Wychavon (/ˈwɪtʃ.eɪvən/) is a local government district in Worcestershire, England. The largest towns in the district are Evesham and Droitwich Spa; the council is based in the town of Pershore. The district also includes numerous villages and surrounding rural areas, and includes part of the Cotswolds, a designated Area of Outstanding Natural Beauty. The district's name references the Saxon Kingdom of Hwicce and the River Avon. The population in was .

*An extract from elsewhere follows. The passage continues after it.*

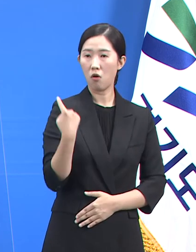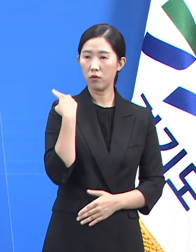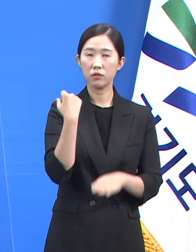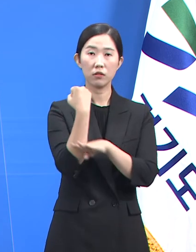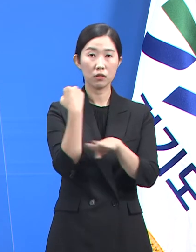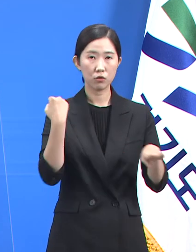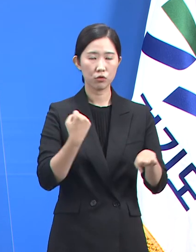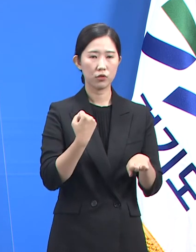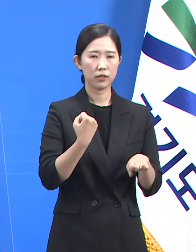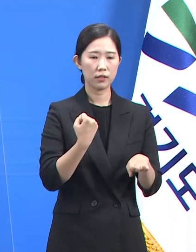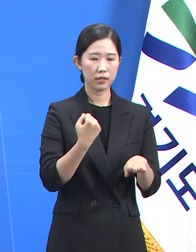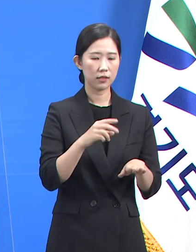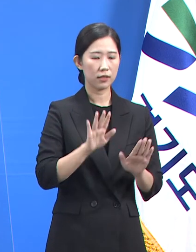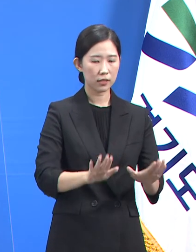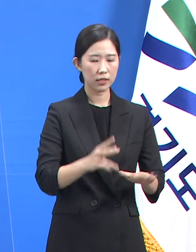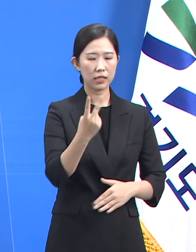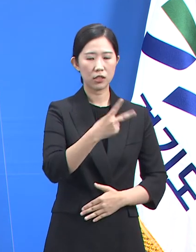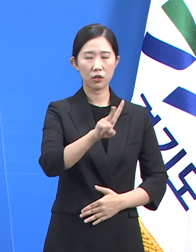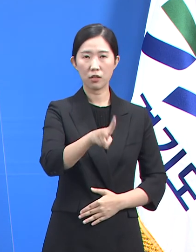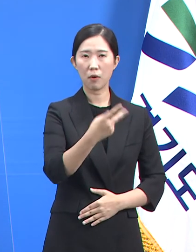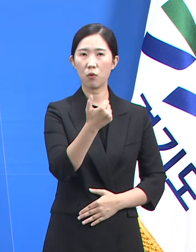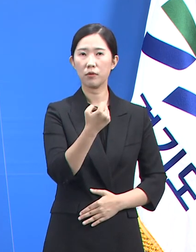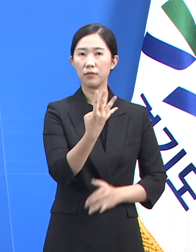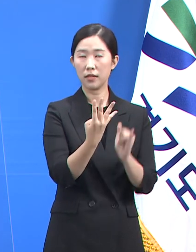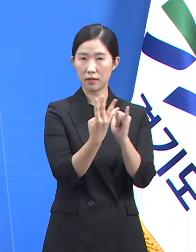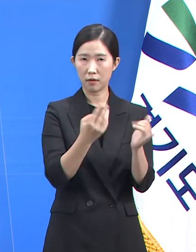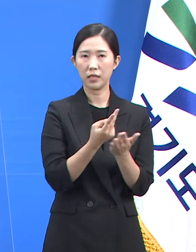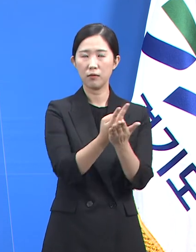2,254명이 입소해 있습니다.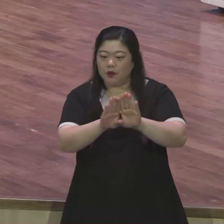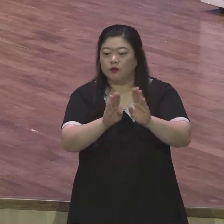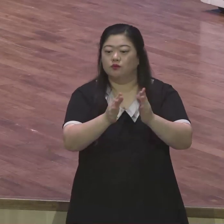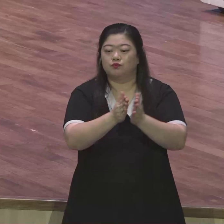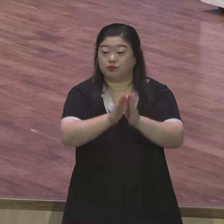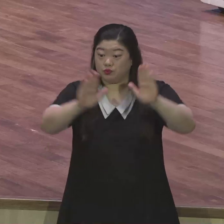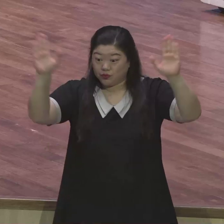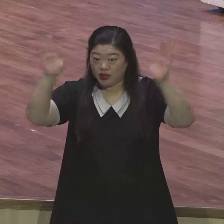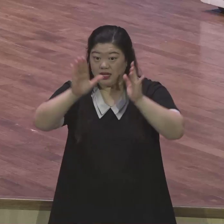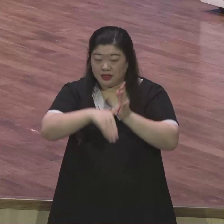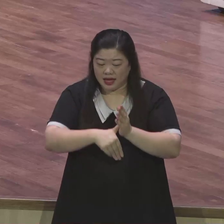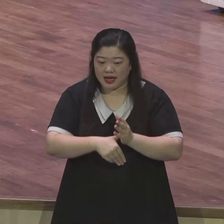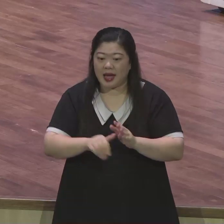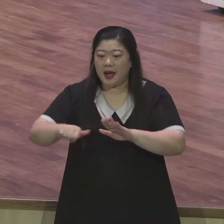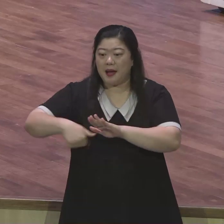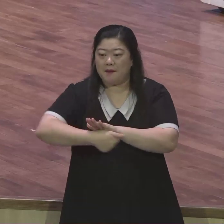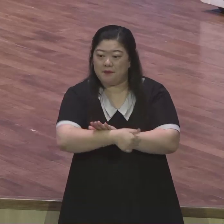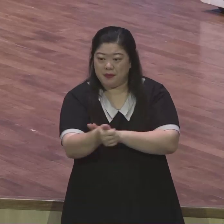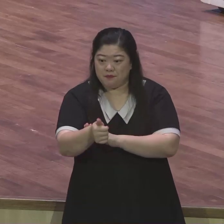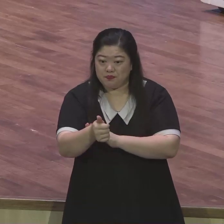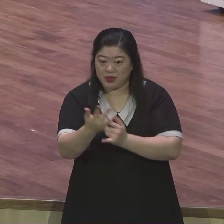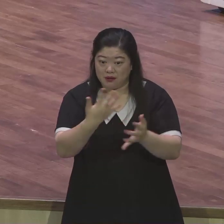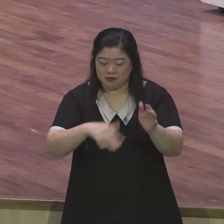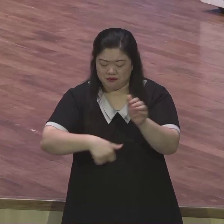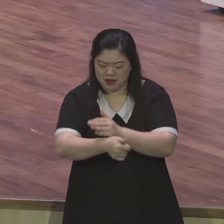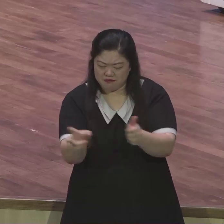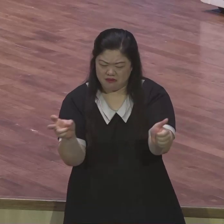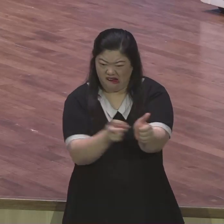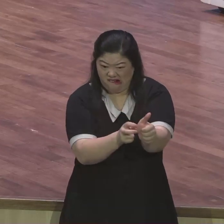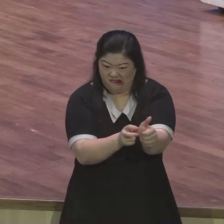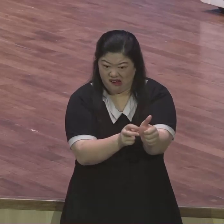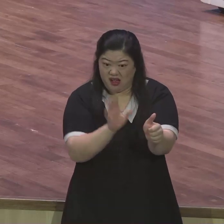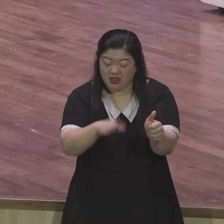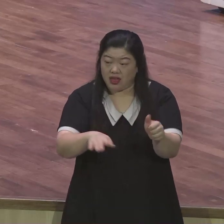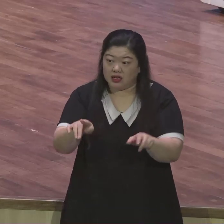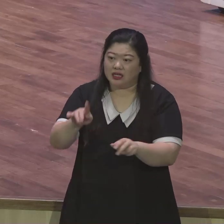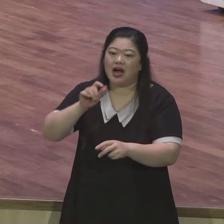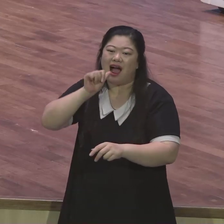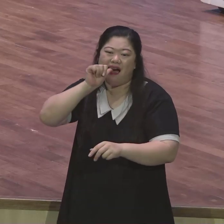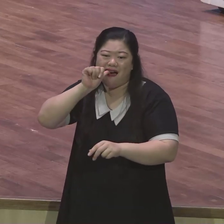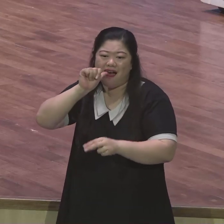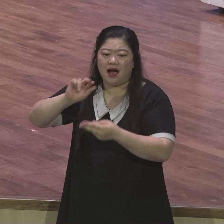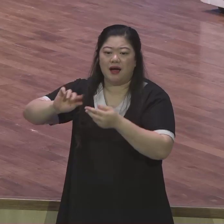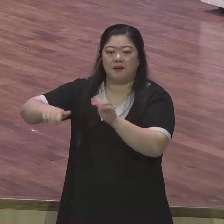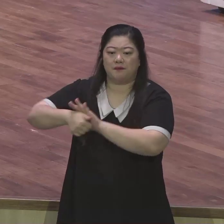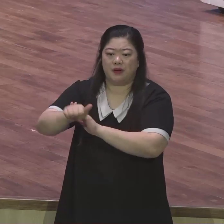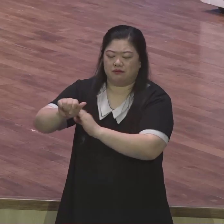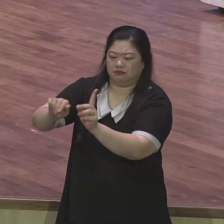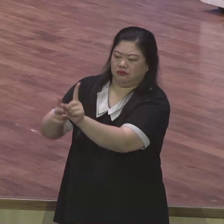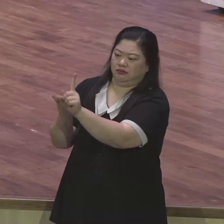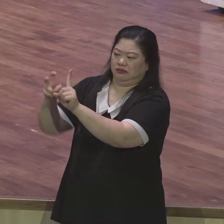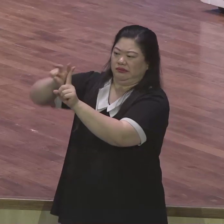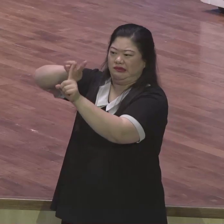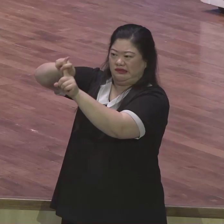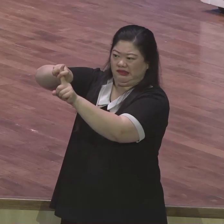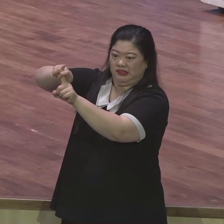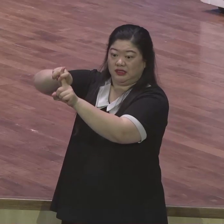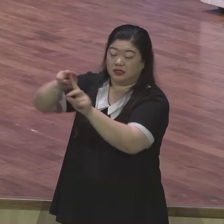물린 자마다 그것을 보면 살리라 불신해 가던 이스라엘 백성들이 불뱀에 물려서 죽게 되자 노뱀을

The neighbouring districts are Malvern Hills, Worcester, Wyre Forest, Bromsgrove, Redditch, Stratford-on-Avon, Cotswold, and Tewkesbury.

==History==
The district was created on 1 April 1974 under the Local Government Act 1972, covering the area of five former districts, which were all abolished at the same time:
- Droitwich Municipal Borough
- Droitwich Rural District (except parish of Warndon, which went to Worcester)
- Evesham Municipal Borough
- Evesham Rural District
- Pershore Rural District (except parish of St Peter the Great County, which went to Worcester)
The name Wychavon was coined for the new district. "Wych" phonetically recalls the Saxon Kingdom of Hwicce, and "Avon" is for the River Avon.
==Abolition==
Under current local government reorganisation plans, all district councils in Worcestershire, as well as the county council, will be abolished in 2028, with the district forming part of a new South Worcestershire unitary authority, also including the area of the Worcester and Malvern Hills districts.

==Governance==

Wychavon District Council provides district-level services. County-level services are provided by Worcestershire County Council. The whole district is covered by civil parishes, which form a third tier of local government.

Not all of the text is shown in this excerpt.